Oireachtas Joint and Select Committees

Wednesday, 31 January 2024

Select Committee on Health

Estimates for Public Services 2024
Vote 38 - Health (Revised)

Photo of Stephen DonnellyStephen Donnelly (Wicklow, Fianna Fail) | Oireachtas source

I thank the Deputy. I might address his two points together because they are linked, namely, the private hospital capacity and accessing expert opinion. Specifically on accessing beds in private hospitals, there is a new private hospital framework that was put in place in December. It has various protocols in terms of surge and being able to access more beds as needed. Some hospitals are using it very well. I am not convinced it is being used to the fullest extent in all of the hospitals, especially in some of the most pressured areas. There is more private capacity available than is necessarily being used.

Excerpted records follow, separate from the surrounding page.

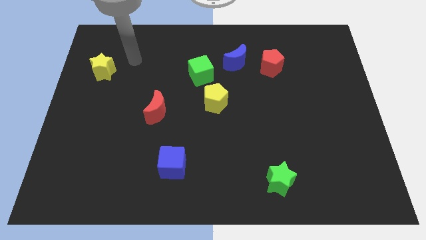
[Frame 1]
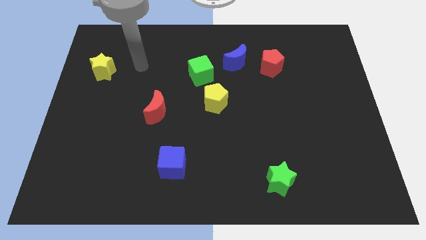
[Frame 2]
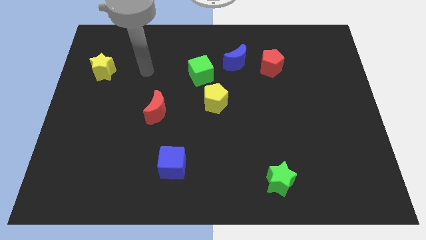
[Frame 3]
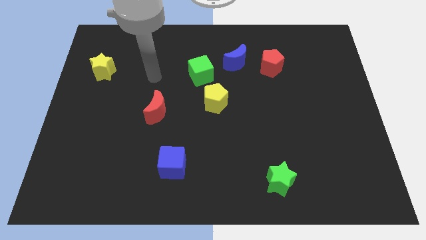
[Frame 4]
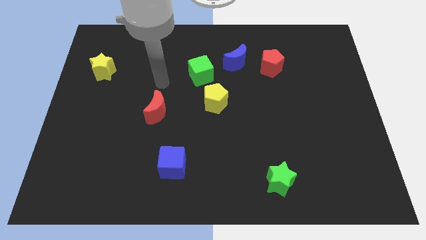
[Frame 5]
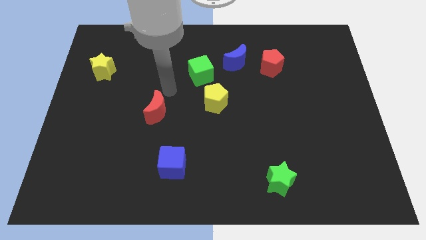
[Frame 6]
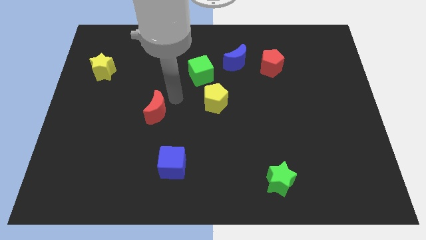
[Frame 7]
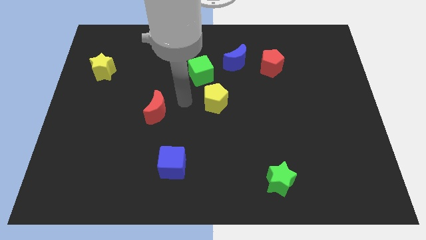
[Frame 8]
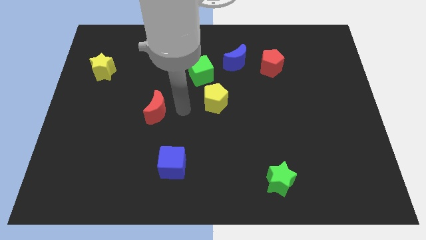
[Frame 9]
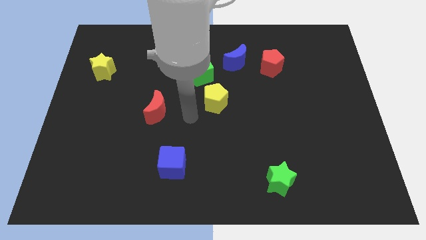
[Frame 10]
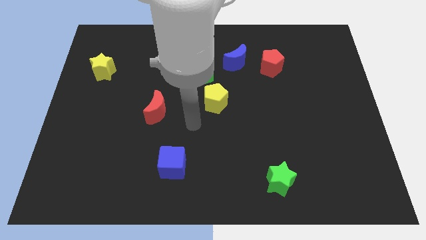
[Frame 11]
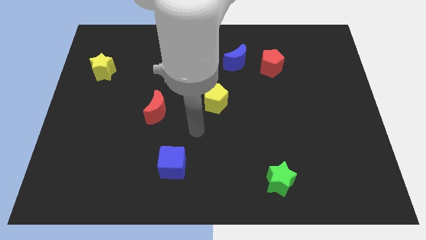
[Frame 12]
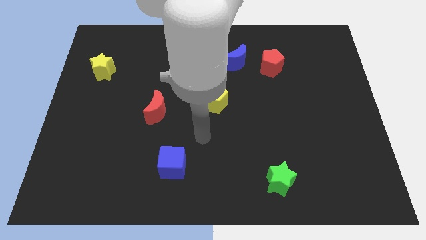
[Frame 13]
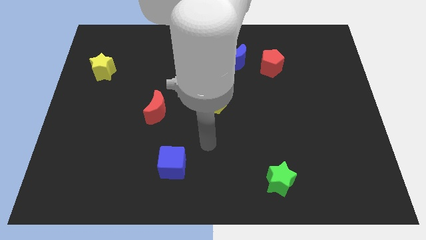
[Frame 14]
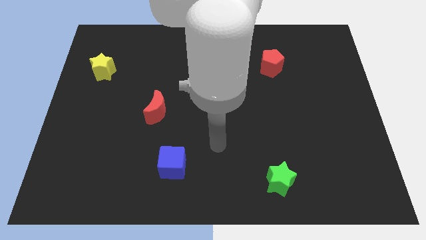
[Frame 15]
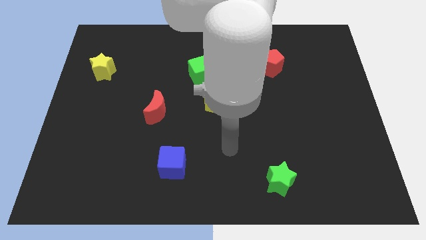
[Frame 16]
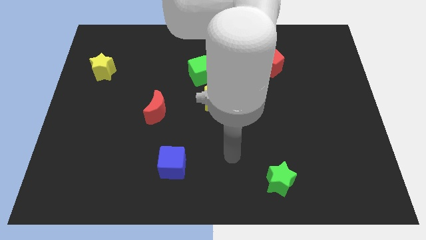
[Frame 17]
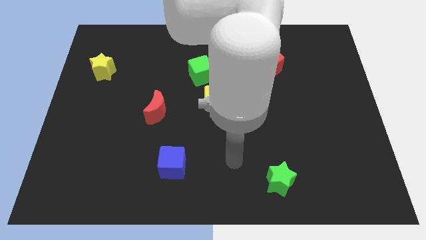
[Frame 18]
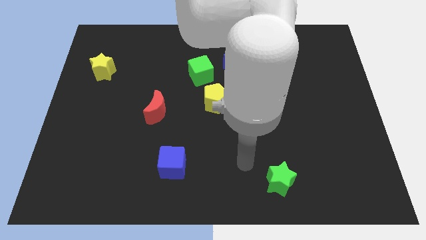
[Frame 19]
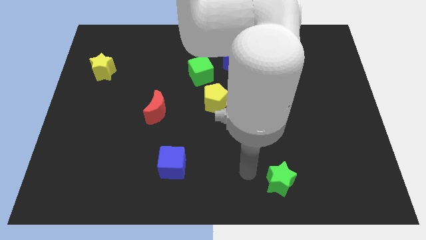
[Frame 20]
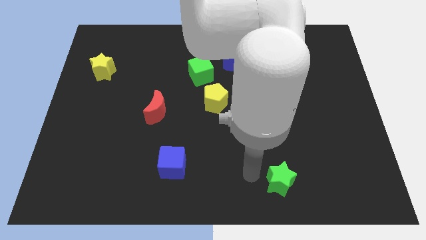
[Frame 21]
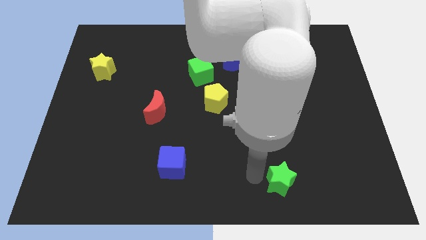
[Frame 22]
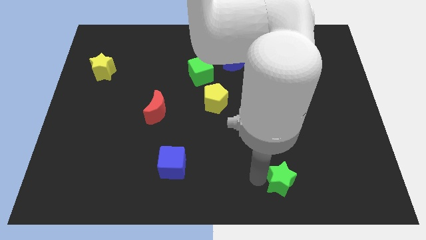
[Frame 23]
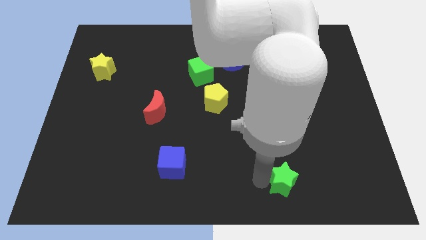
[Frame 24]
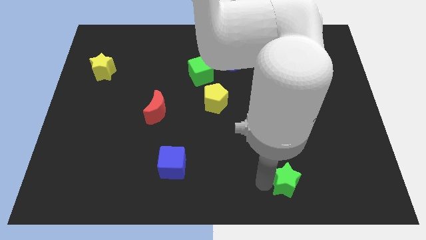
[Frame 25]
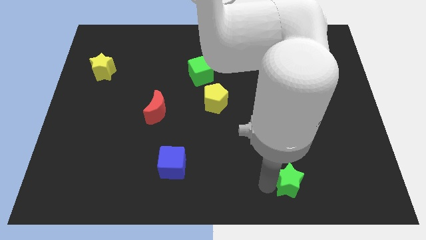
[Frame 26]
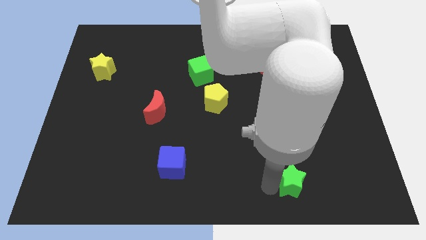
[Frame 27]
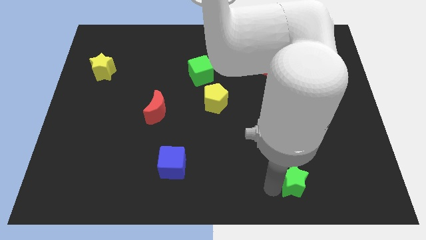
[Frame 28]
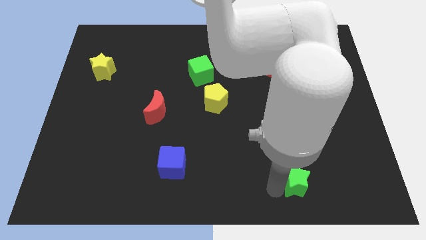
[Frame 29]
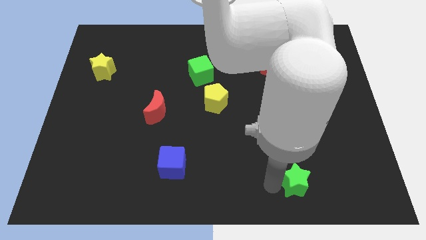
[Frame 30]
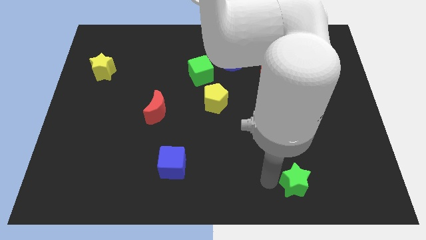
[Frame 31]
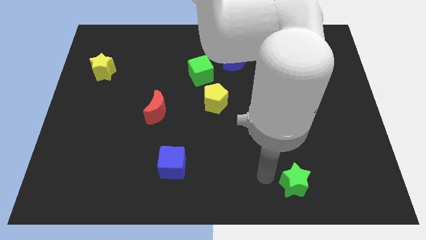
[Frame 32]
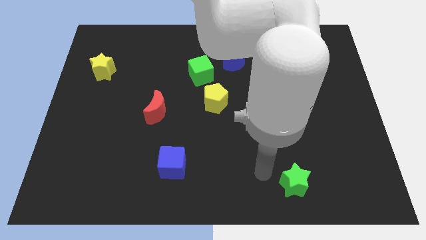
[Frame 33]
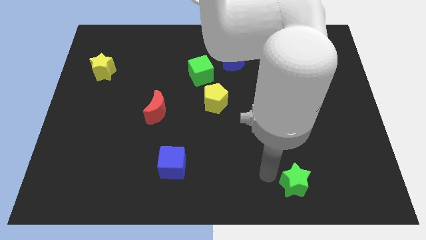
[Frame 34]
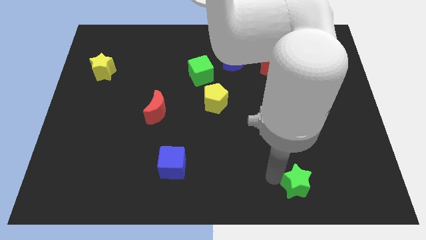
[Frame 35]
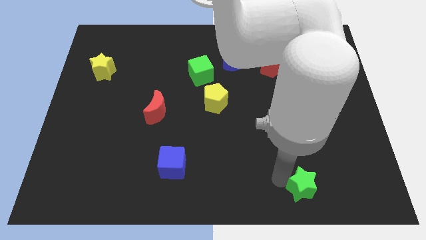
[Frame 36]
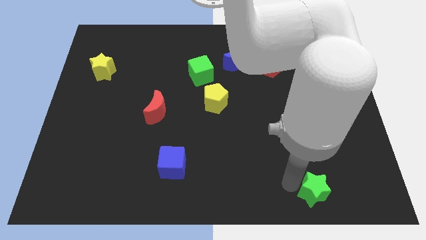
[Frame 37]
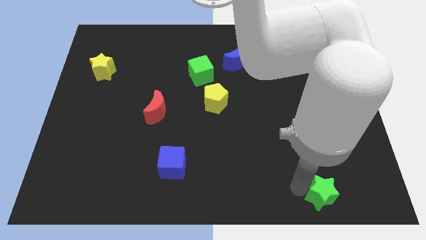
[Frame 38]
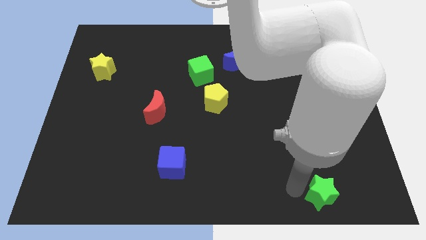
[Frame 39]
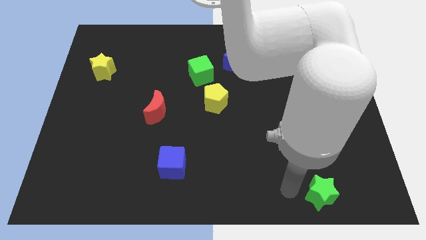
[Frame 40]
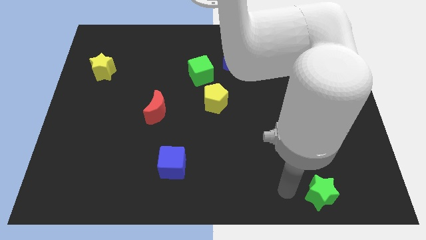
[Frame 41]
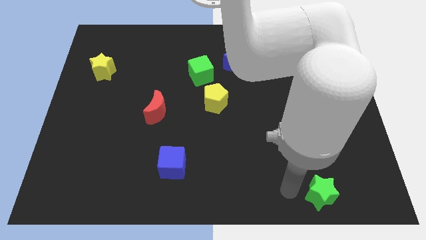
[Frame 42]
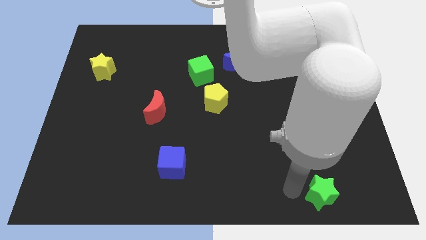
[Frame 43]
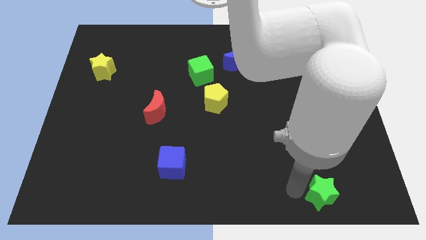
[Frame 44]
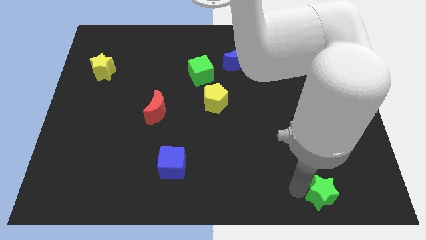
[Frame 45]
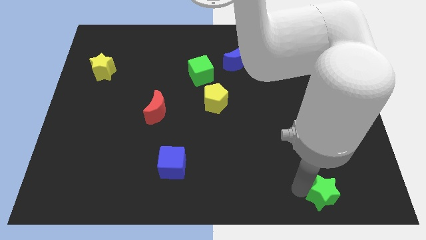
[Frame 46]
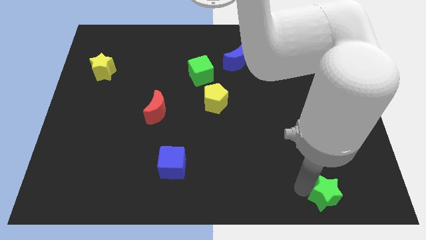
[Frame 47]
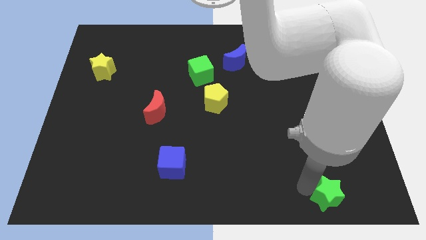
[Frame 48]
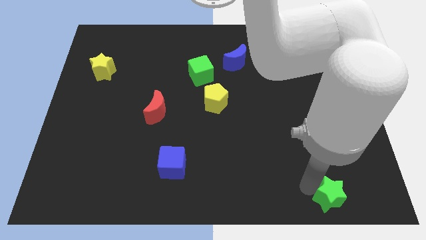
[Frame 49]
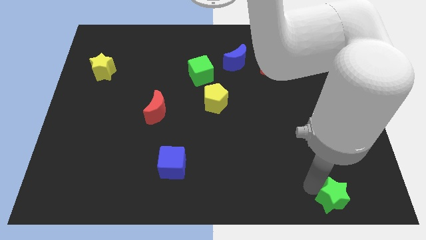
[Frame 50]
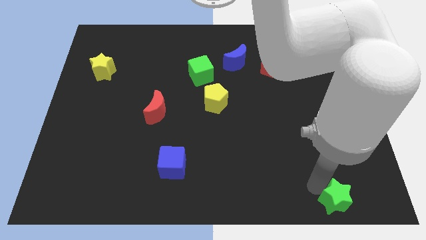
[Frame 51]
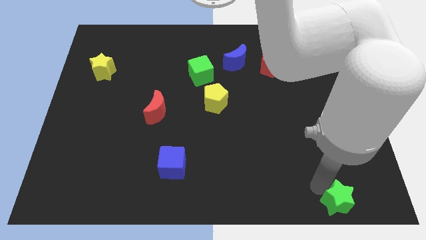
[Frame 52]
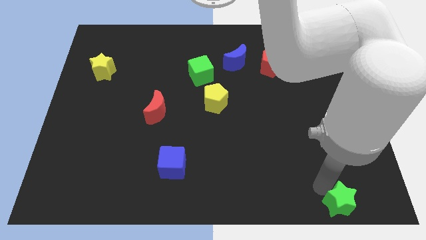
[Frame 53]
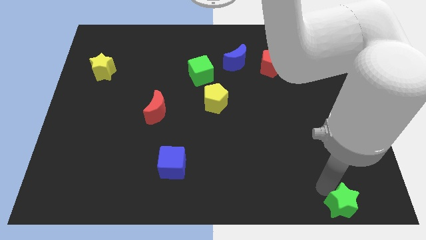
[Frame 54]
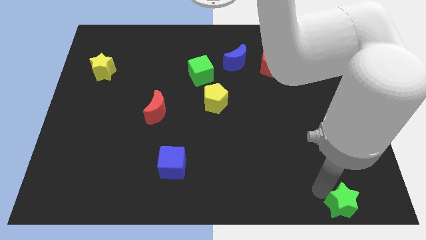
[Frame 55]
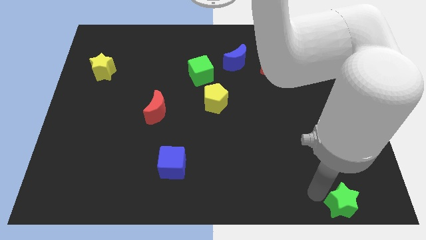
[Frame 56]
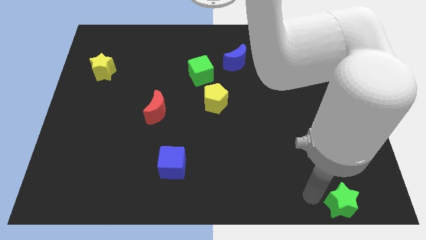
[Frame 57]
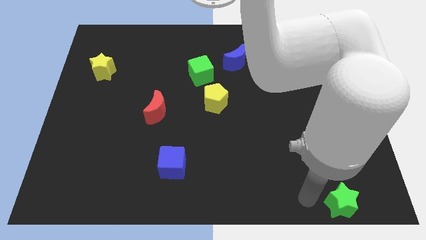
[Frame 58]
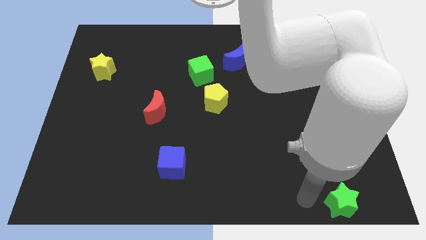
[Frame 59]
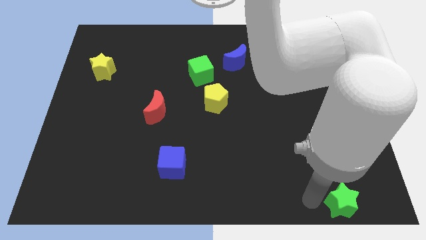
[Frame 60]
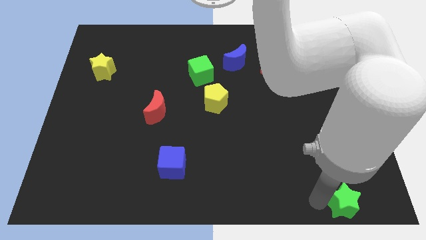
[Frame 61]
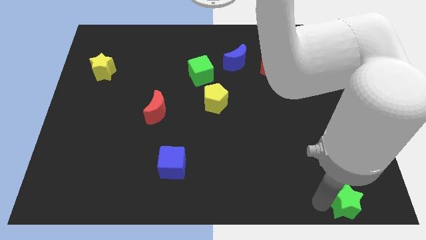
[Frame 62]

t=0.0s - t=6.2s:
put the green star to the bottom right of the board

There are other things we are doing. We are now sending specialist teams to nursing homes in terms of moving patients out of the hospital. The HSE is extending GP access to community diagnostics to out-of-hours, which will help as well.

I fully agree with the Deputy's points on accessing expert opinion. That is a central piece to this fundamental shift from hospital care to community care, a shift we are in the middle of. The Deputy will be aware of the chronic disease management programme. GPs can now access consultants, nurse specialists and advance nurse practitioners, either online or in the hubs, for exactly this reason. We are seeing it with the three pathways we have under chronic disease management. We are adding a fourth, which is hypertension, which will make a big difference. It is a big killer and one where the mortality rates have not fallen at the rate they have fallen for other things over the past ten to 50 years. That will make a big difference. Diabetes, respiratory and circulatory, essentially, are under CDM. The GPs I have spoken to love it. They are saying they have a patient with a heart problem, they do not quite know what to do but they can have a five-minute call with a cardiologist in St. Vincent's who can advise. It is going very well. In fact, last week I was talking to the St. Vincent's team which has one of these hubs in Bray, in my constituency. They have just surveyed the patients and 96% of the patients said they preferred this model of care rather than having to go to the hospitals for all of the reasons the Deputy laid out.

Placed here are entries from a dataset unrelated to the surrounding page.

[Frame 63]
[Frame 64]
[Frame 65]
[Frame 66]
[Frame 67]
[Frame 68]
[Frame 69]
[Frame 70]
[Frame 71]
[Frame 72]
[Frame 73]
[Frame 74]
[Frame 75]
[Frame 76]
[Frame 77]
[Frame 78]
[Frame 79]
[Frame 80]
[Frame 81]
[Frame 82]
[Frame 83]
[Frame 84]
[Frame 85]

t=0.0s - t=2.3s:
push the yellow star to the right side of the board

The big investment in advance nurse practitioners is making a difference. I was in the Royal Victoria Eye and Ear Hospital last week as well, looking at some of the modernised care pathway work.

This particular one is for cataracts. At its core, the point is that consultants do not need to see everyone who is coming in. Advanced nurse practitioner teams can actually see a significant number of those who would otherwise have to wait to see a hospital consultant. Believe it or not - I had to double-check the figures I was being shown in order to ensure I understood them correctly - the waiting time for a cataract appointment has been reduced from several years to several months through this pathway. It has been revolutionary. In Dublin, the children's waiting list through the school-based programme referral or GP referrals has more or less been eradicated. Children who would previously have waited a lengthy period of up to several years to see an ophthalmologist are now being seen in the community by health and social care professionals and advanced nurse practitioners. As the Deputy stated in the context of GPs having access to specialism, it does not have to be a consultant. Sometimes it is a consultant, but clinical nurse specialists, advanced nurse practitioners, optometrists and health and social care professionals can fully handle end to end a very sizeable number of patients who previously had been waiting to see a consultant. The Deputy made reference to the buses of people going from Cork and Kerry up to Northern Ireland for cataract treatment. That will become a thing of the past. In Ballincollig, there is a new state-of-the-art facility which will see a significant number of people. Many of the ophthalmology services are moving from CUH to the South Infirmary hospital. In fact, the Royal Victoria Eye and Ear Hospital is now seeing lots of people who previously would have gone to Northern Ireland. It is exactly the point the Deputy is making. It is access to specialism, be it nursing, health and social care, medical or dental specialism, that previously was not available. The impact this new approach is having is extraordinary. It is one of the pillars of our waiting list action plan which will be rolling into this year.